Tables 19 and 20 show the GD and IGD values of NSGA-III-EO and NSGA-III-FS algorithms severally. For GD results, NSGA-III-EO obtains 18 best values on 65 test cases. In contrast, NSGA-III-FS gets 47 best values on 65 test instances. Comparing the comprehensive performance of these two algorithms, NSGA-III-EO and NSGA-III-FS obtain 20, 45 best IGD values respectively. The results show that the proposed NSGA-III-FS algorithm in this paper is competitive.

Table 19 Average and standard deviation (in parentheses) of the GD values obtained by NSGA-III-EO and NSGA-III-FS algorithms
Table 20 Average and standard deviation (in parentheses) of the IGD values obtained by NSGA-III-EO and NSGA-III-FS algorithms

6 Conclusion and future work

This paper introduces a modified version of Non-dominated Sorting Genetic Algorithm III that alters environmental selection to improve the convergence for many-objective optimization. A fine final level selection is implemented in the proposed NSGA-III-FS algorithm. Experiments are conducted on the DTLZ1–4 and WFG1–9 benchmark problems with the objective number varying from 3 to 15. And the experiment results show superiority of the proposed algorithm over the selected comparison algorithms.
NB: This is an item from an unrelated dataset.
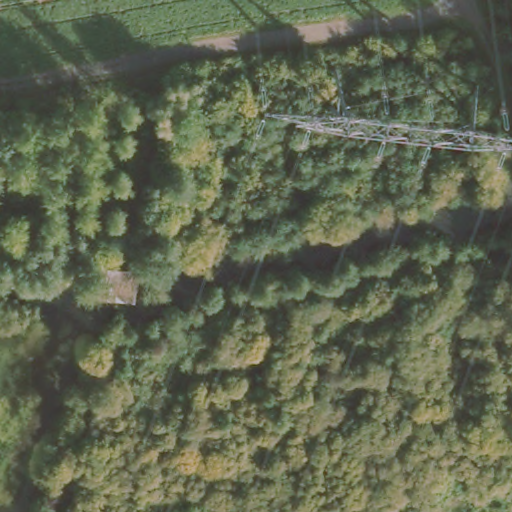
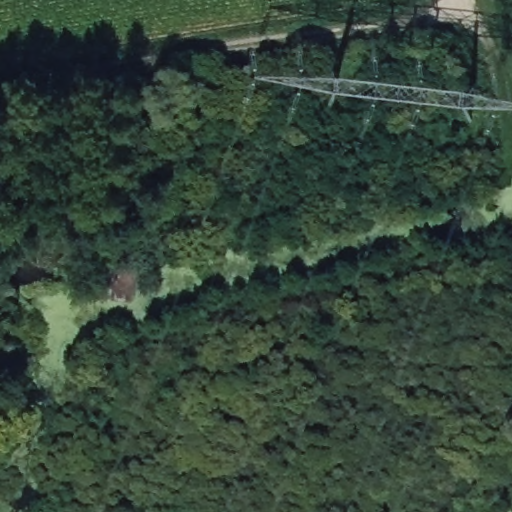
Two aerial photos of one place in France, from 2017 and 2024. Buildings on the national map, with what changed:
unchanged [(133,269),(130,297),(83,292),(86,263),(133,269)]

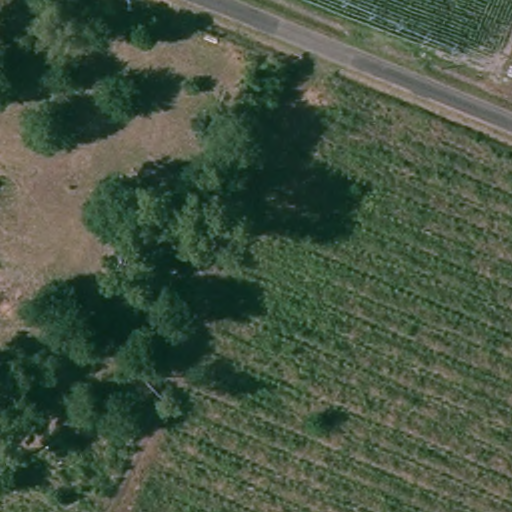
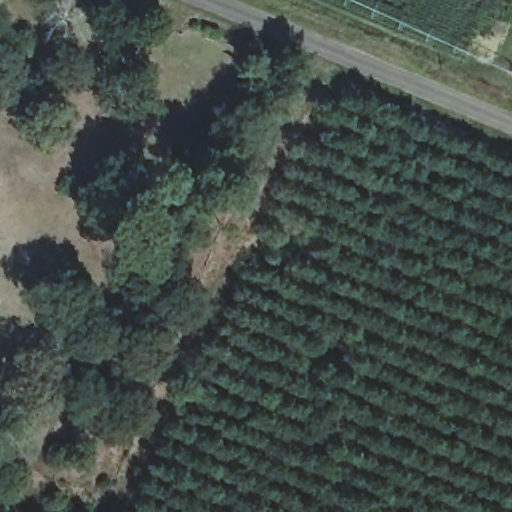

Based on the evaluation indicator results on problem sets, the proposed algorithm shows competitiveness in the IGD, HV and GD indexes compared to the nine selected algorithms. For the IGD index, the proposed algorithm is comparable to hpaEA, RPD-NSGA-II, RVEA, θ-DEA, MOEA/D-DU, VaEA, 1by1EA, NSGA-III and PDMOEAWS in 56.9%, 84.6%, 47.7%, 15.4%, 76.9%, 56.9%, 81.5%, 55.4%,73.8% of 65 cases. The proposed algorithm also has an average improvement of 70.8%, 60.0%, 52.3%, 23.1%, 52.3%, 89.2%, 89.2%, 60.0%, 66.2% of 65 cases over the compared nine algorithms about HV results. For the GD indicator, the proposed algorithm is better than hpaEA, RPD-NSGA-II, RVEA, θ-DEA, MOEA/D-DU, VaEA, 1by1EA, NSGA-III and PDMOEAWS in 56.9%, 69.2%, 61.5%, 38.5%, 52.3%, 89.2%, 73.8%, 63.1%, 66.2% of 65 cases. Consequently, it makes us to be more convinced that the proposed method can be very helpful in dominance resistance.

In the future, we will focus on the computational speed of the algorithm on the basis of the excellent performance, such as designing an effective way to generate new individuals. In addition, we expect to extend the algorithm for solving practical problems and the solutions of practical problems are also a challenging work.